A query cost is measured in 'funny money'. It only has meaning when comparing the various query plans for a given query.
The best way to explain the process is to consider a very simple example. Suppose we do a join between two tables where there is a 1 to 1 relationship between each of the tables. Now, suppose that there is a where clause on some column on each of the two tables. If the where for table1 is more selective than the where clause for table 2, then by using the filter on table 1 and the join index to table 2 would be much more selective than going in the other direction.
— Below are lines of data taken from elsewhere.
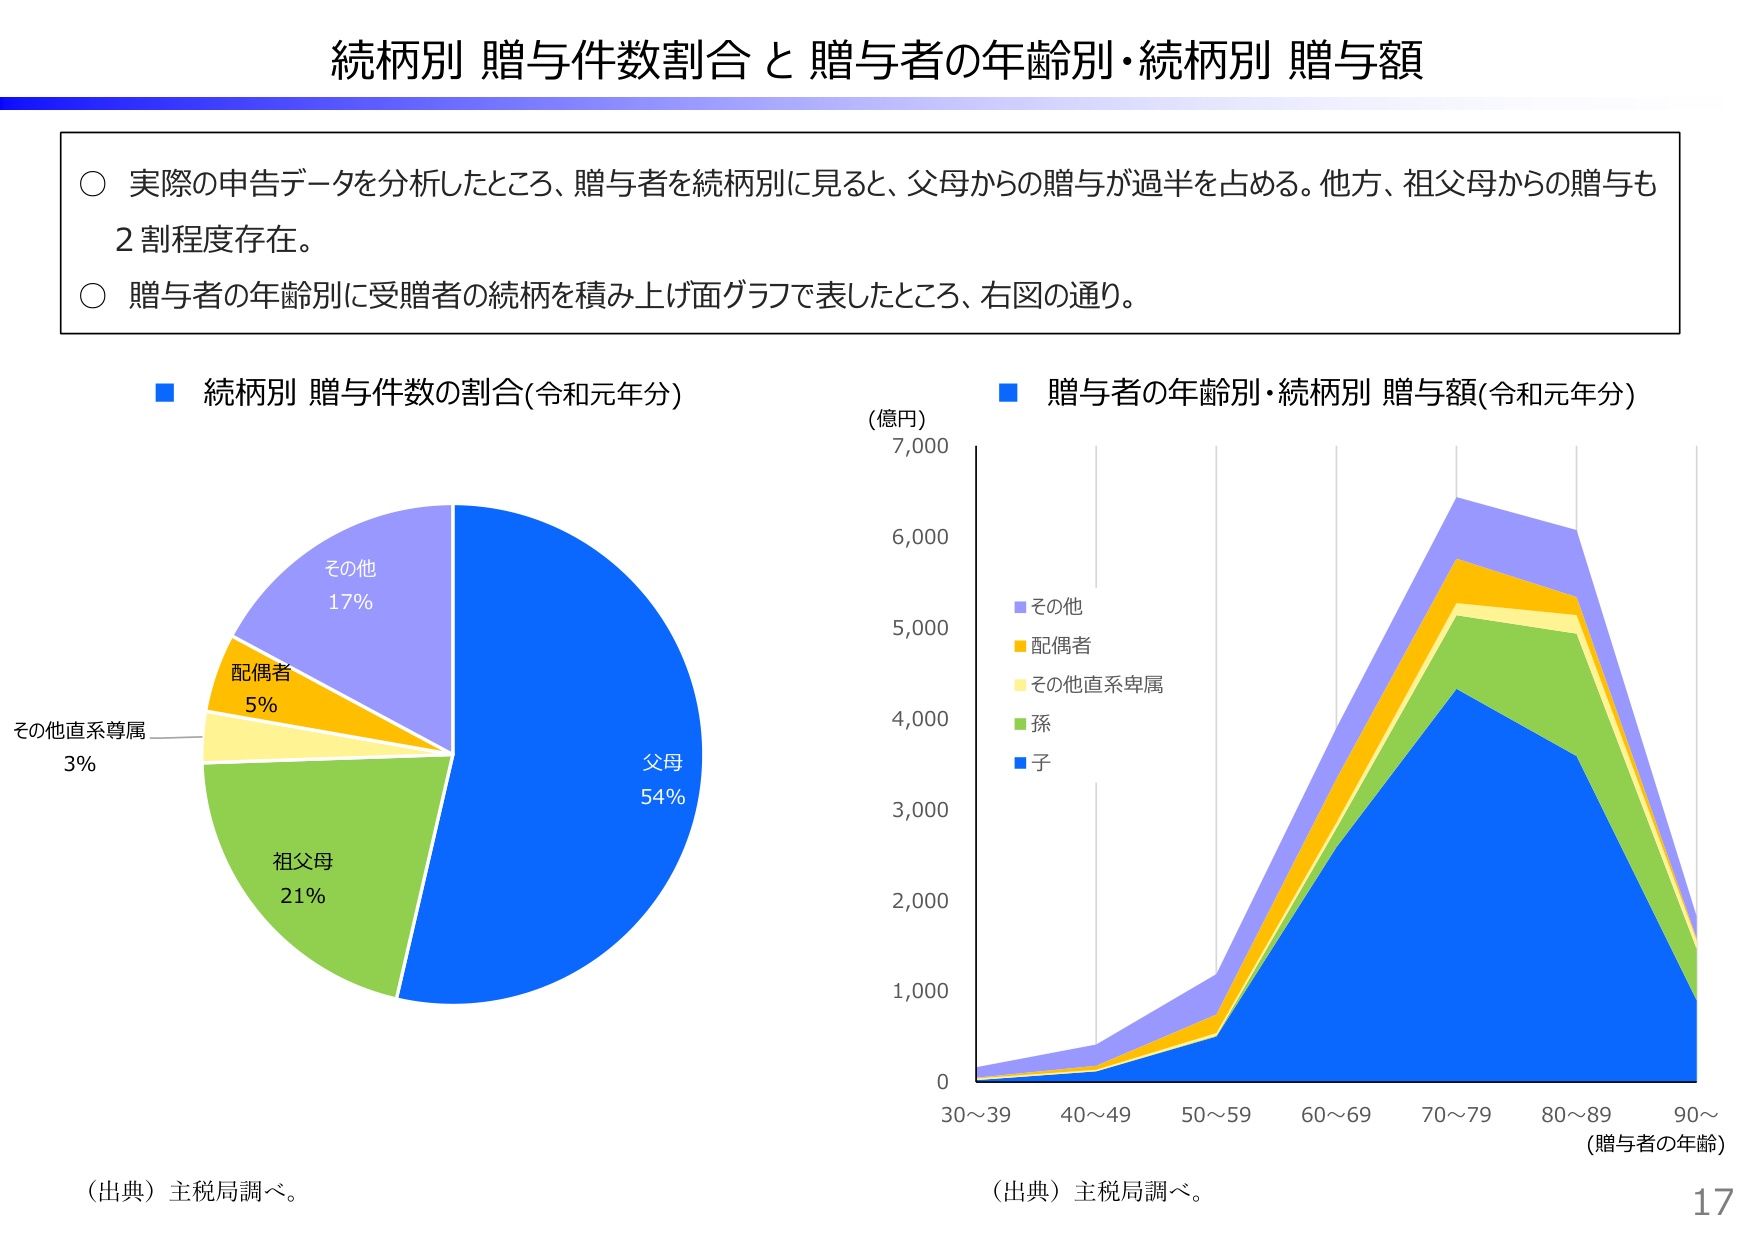
続柄別 贈与件数割合 と 贈与者の年齢別・続柄別 贈与額

○ 実際の申告データを分析したところ、贈与者を続柄別に見ると、父母からの贈与が過半を占める。他方、祖父母からの贈与も2割程度存在。
○ 贈与者の年齢別に受贈者の続柄を積み上げ面グラフで表したところ、右図の通り。

■ 続柄別 贈与件数の割合（令和元年分）
　　その他 17%
　　配偶者 5%
　　その他直系尊属 3%
　　祖父母 21%
　　父母 54%

（出典）主税局調べ。

■ 贈与者の年齢別・続柄別 贈与額（令和元年分）
（億円）
7,000
6,000
5,000
4,000
3,000
2,000
1,000
0

　　■ その他
　　■ 配偶者
　　■ その他直系卑属
　　■ 孫
　　■ 子

30～39　40～49　50～59　60～69　70～79　80～89　90～

（贈与者の年齢）

（出典）主税局調べ。

17
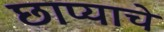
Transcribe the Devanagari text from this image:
छाप्याचे
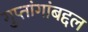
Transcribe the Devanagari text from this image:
गुप्तांगांबद्दल
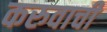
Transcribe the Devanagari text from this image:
करुवाची
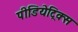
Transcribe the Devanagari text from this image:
पीडियेट्रिक्स
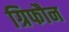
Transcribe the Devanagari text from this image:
ग्रिफौन
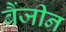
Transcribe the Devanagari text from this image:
बैंजीन
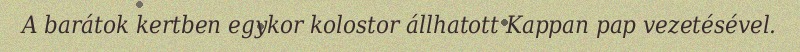
A barátok kertben egykor kolostor állhatott Kappan pap vezetésével.
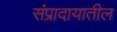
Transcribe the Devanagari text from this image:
संप्रादायातील
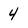
Character: 4
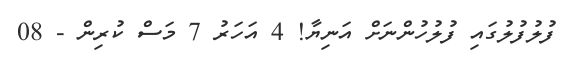
ފުލުފުލުގައި ފުލުހުންނަށް އަނިޔާ! 4 އަހަރު 7 މަސް ކުރިން - 08
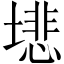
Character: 𫮦
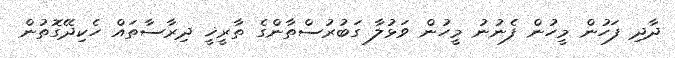
ދާދި ފަހުން މީހުން ފެނުނު މީހުން ވަޅުލާ ގަބުރުސްތާންގެ ތާރީޚީ ދިރާސާތައް ހެކިދޭގޮތުން
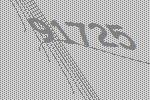
91725
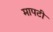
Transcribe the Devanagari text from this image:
मापटी
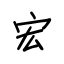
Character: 宏
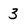
Character: 3
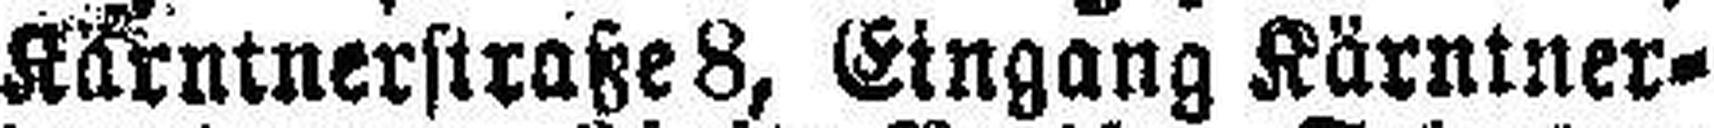
Kärntnerstraße 8, Eingang Kärntner¬
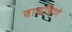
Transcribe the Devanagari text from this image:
वाचविणे
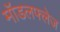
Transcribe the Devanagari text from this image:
मॉडलफ्लेज
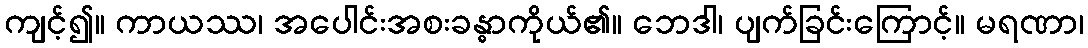
ကျင့်၍။ ကာယဿ၊ အပေါင်းအစးခန္ဓာကိုယ်၏။ ဘေဒါ၊ ပျက်ခြင်းကြောင့်။ မရဏာ၊
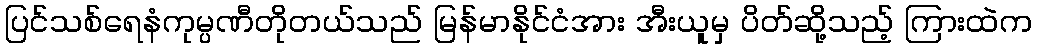
ပြင်သစ်ရေနံကုမ္ပဏီတိုတယ်သည် မြန်မာနိုင်ငံအား အီးယူမှ ပိတ်ဆို့သည့် ကြားထဲက
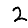
Digit: 2
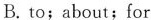
B.to;about;for
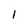
Character: 1
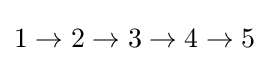
1\rightarrow 2\rightarrow 3\rightarrow 4\rightarrow 5
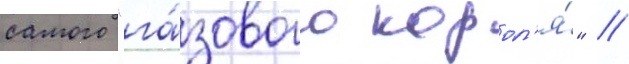
самого "га́зового корол'я́" //
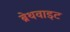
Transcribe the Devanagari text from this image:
ब्रेथवाइट
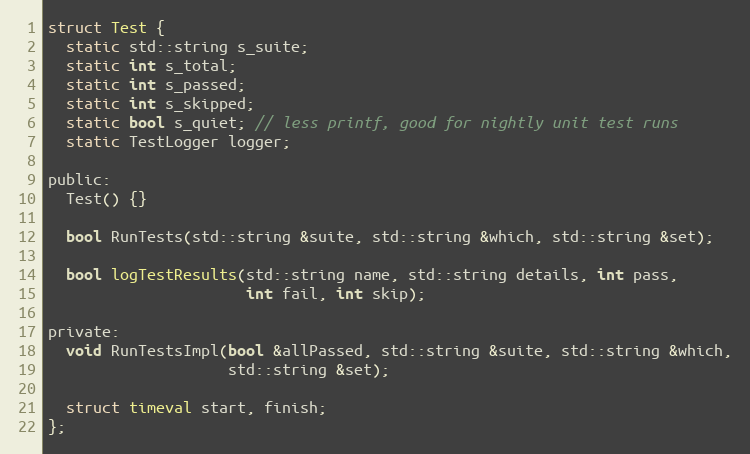
Language: C
struct Test {
  static std::string s_suite;
  static int s_total;
  static int s_passed;
  static int s_skipped;
  static bool s_quiet; // less printf, good for nightly unit test runs
  static TestLogger logger;

public:
  Test() {}

  bool RunTests(std::string &suite, std::string &which, std::string &set);

  bool logTestResults(std::string name, std::string details, int pass,
                      int fail, int skip);

private:
  void RunTestsImpl(bool &allPassed, std::string &suite, std::string &which,
                    std::string &set);

  struct timeval start, finish;
};
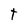
Character: t
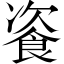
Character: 餈
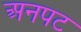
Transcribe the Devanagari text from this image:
अनपट
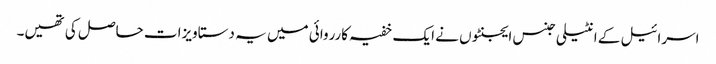
اسرائیل کے انٹیلی جنس ایجنٹوں نے ایک خفیہ کارروائی میں یہ دستاویزات حاصل کی تھیں۔
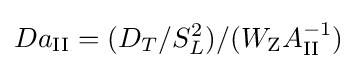
Da_{\mathrm {II} }=(D_{T}/S_{L}^{2})/(W_{\mathrm {Z} }A_{\mathrm {II} }^{-1})
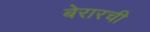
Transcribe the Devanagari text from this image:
बेरारची
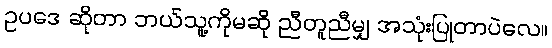
ဥပဒေ ဆိုတာ ဘယ်သူ့ကိုမဆို ညီတူညီမျှ အသုံးပြုတာပဲလေ။
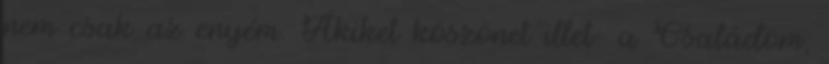
nem csak az enyém. Akiket köszönet illet: a Családom,
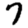
Digit: 7
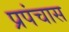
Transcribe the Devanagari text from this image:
प्रपंचास
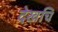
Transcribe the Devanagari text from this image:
देखचि
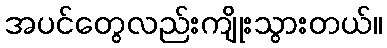
အပင်တွေလည်းကျိုးသွားတယ်။
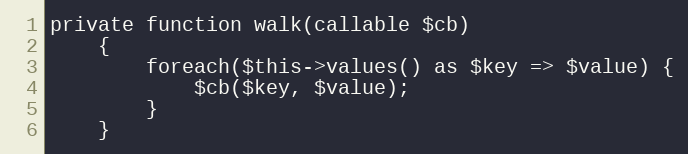
Language: PHP
private function walk(callable $cb)
    {
        foreach($this->values() as $key => $value) {
            $cb($key, $value);
        }
    }
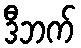
ဒီဘက်
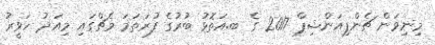
މިނިވަން ޗެންޕިއަންޝިޕް 2017 ގެ ބ.އަތޮޅު ބުުރުގެ ފުރަތަމަ މެޗްގައި މިއަދު ހަވީރު
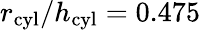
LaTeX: r_{\mathrm{cyl}}/h_{\mathrm{cyl}}=0.475
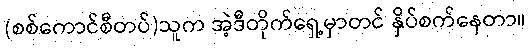
(စစ်ကောင်စီတပ်)သူက အဲ့ဒီတိုက်ရှေ့မှာတင် နှိပ်စက်နေတာ။
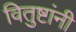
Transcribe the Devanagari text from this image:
वितुष्टांनी
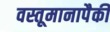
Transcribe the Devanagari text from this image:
वस्तूमानापैकी
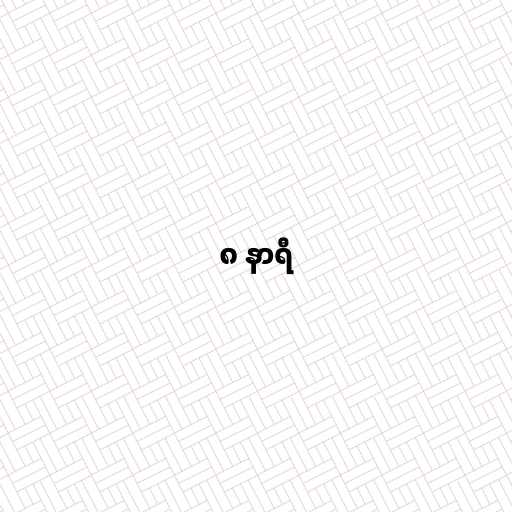
၈ နာရီ
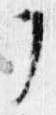
了
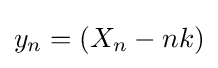
y_{n}=(X_{n}-nk)
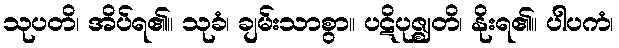
သုပတိ၊ အိပ်ရ၏။ သုခံ၊ ချမ်းသာစွာ။ ပဋိပုဇ္ဈတိ၊ နိုးရ၏။ ပါပကံ၊
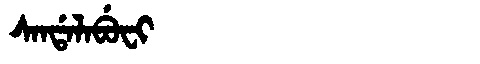
Manchu: ᠰᠠᠨᡩᠠᠯᠠᠪᡠᠸᡳ
Romanization: SANDALABUFI
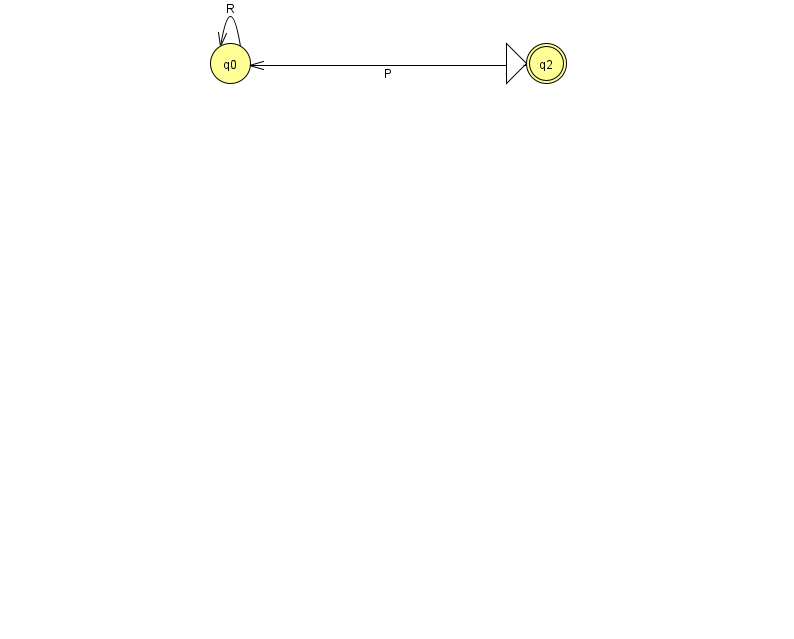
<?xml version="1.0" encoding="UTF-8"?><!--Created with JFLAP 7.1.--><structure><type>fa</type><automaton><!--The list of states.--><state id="0" name="q0"><x>230.0</x><y>50.0</y></state><state id="1" name="q1"><x>966.0</x><y>50.0</y></state><state id="2" name="q2"><x>546.0</x><y>50.0</y><initial/><final/></state><!--The list of transitions.--><transition><from>0</from><to>0</to><read>R</read></transition><transition><from>2</from><to>0</to><read>P</read></transition><transition><from>1</from><to>1</to><read>f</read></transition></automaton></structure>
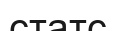
статс
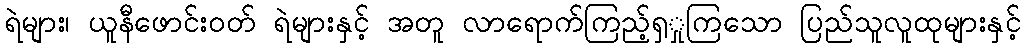
ရဲများ၊ ယူနီဖောင်းဝတ် ရဲများနှင့် အတူ လာရောက်ကြည့်ရှှုကြသော ပြည်သူလူထုများနှင့်
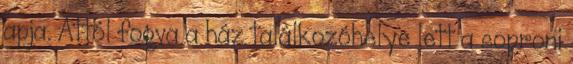
apja. Attól fogva a ház találkozóhelye lett a soproni
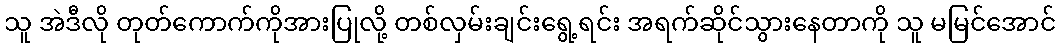
သူ အဲဒီလို တုတ်ကောက်ကိုအားပြုလို့ တစ်လှမ်းချင်းရွေ့ရင်း အရက်ဆိုင်သွားနေတာကို သူ မမြင်အောင်
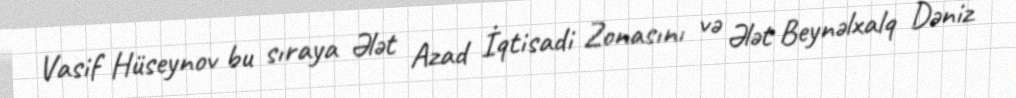
Vasif Hüseynov bu sıraya Ələt Azad İqtisadi Zonasını və Ələt Beynəlxalq Dəniz
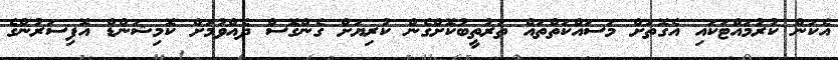
އެކަން ކުރުމައްޓަކައި އެގޮތަށް މަސައްކަތްތައް ތަރުތީބުކޮށްގެން ކުރިޔަށް ގެންގޮސް ދެއްވުމަށް ކޮމިޝަންޑް އޮފިސަރުންގެ
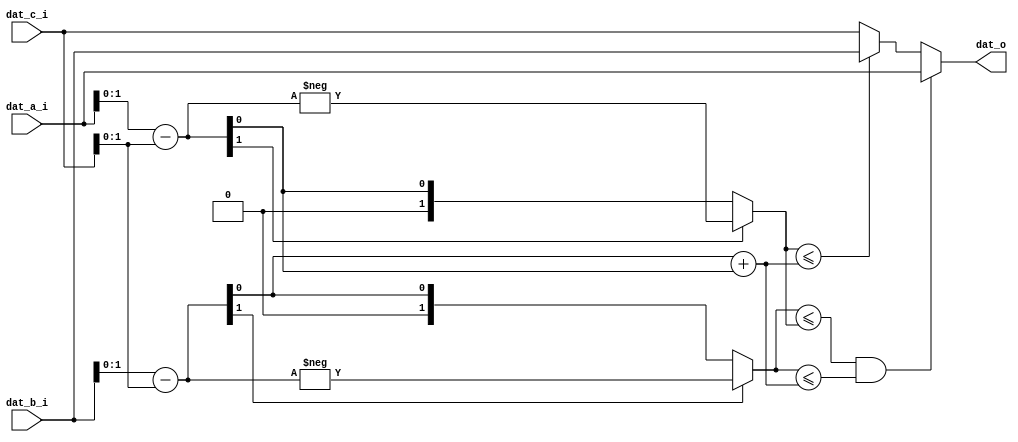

If the filter on table1 would select 0.02 of the rows and the filter on table2 was 0.10, then we could compare the query plan of selecting from table1 and then joining each row to table2 versus selecting from table2 and then joining each row to table1 by simply multiplying the selectivity by the number of rows in the table. Thus if there were 1000 rows in both of the tables, the first query plan would be 1000 * 0.02 -> 20 while the cost of the second plan would be 1000 * 0.10 or 100. The first plan is cheaper and selected. This example also indicates why update statistics are so important, if the optimiser doesn't have accurate data distributions it will cost queries incorrectly.
However, you can do some things to check to see if you have questionable queries by examining our sqexplain output, or by examining syssqexplain from the sysmaster database. The syssqexplan view in sysmaster is a display of any of the current queries within the database. Check for things like sqx_seqscan, sqx_srtscan, sqx_autoindex, sqx_tempfile. These are the things that you might want to improve and try to eliminate.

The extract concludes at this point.